EXERCISE OBJECTIVE ::
A single number is expected: the count of lines below where the word "with" occurs.

--- START ---

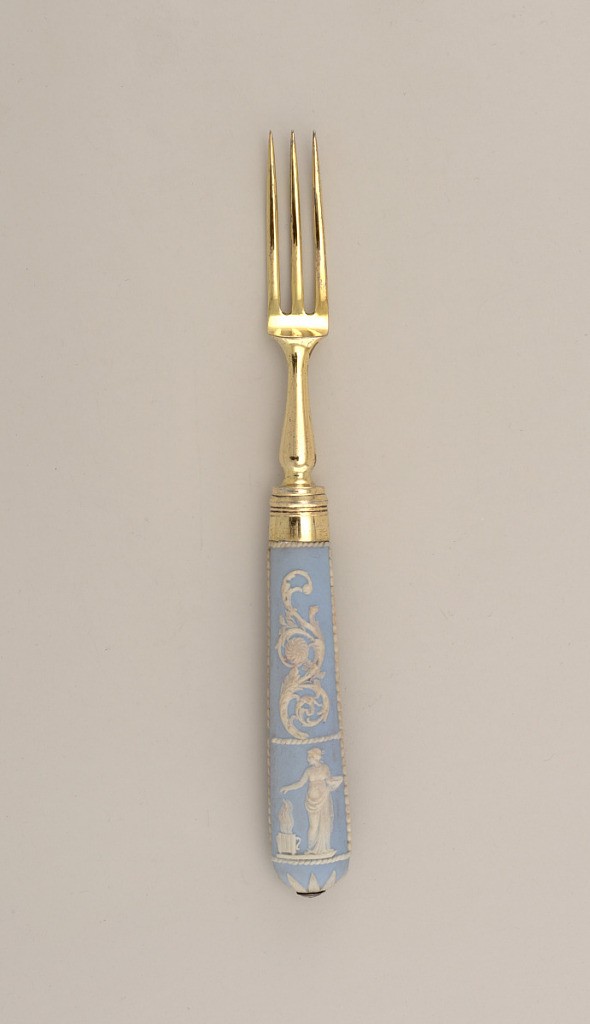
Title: Three-Tined Fork with Jasperware Handle
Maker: Wedgwood, English, established 1759
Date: ca. 1775–1800
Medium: jasperware, gold plated, silver
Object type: fork
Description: Silver gilt fork has three curved tines, baluster-shaped neck, oval in section. Banded ferrule. Tapering jasper handle, oval in section, light blue ground with raised design in white. S-shaped scrollwork, acanthus leaves and flowers on both sides. On front a woman in greek costume holding a disk in one hand, the other hand above the fire in the burner next to her. Beaded cresting along the sides of the handle, floral decoration at the top of the handle, a metal cap in the centre.

--- END ---

REPLY TO THE EXERCISE ::
2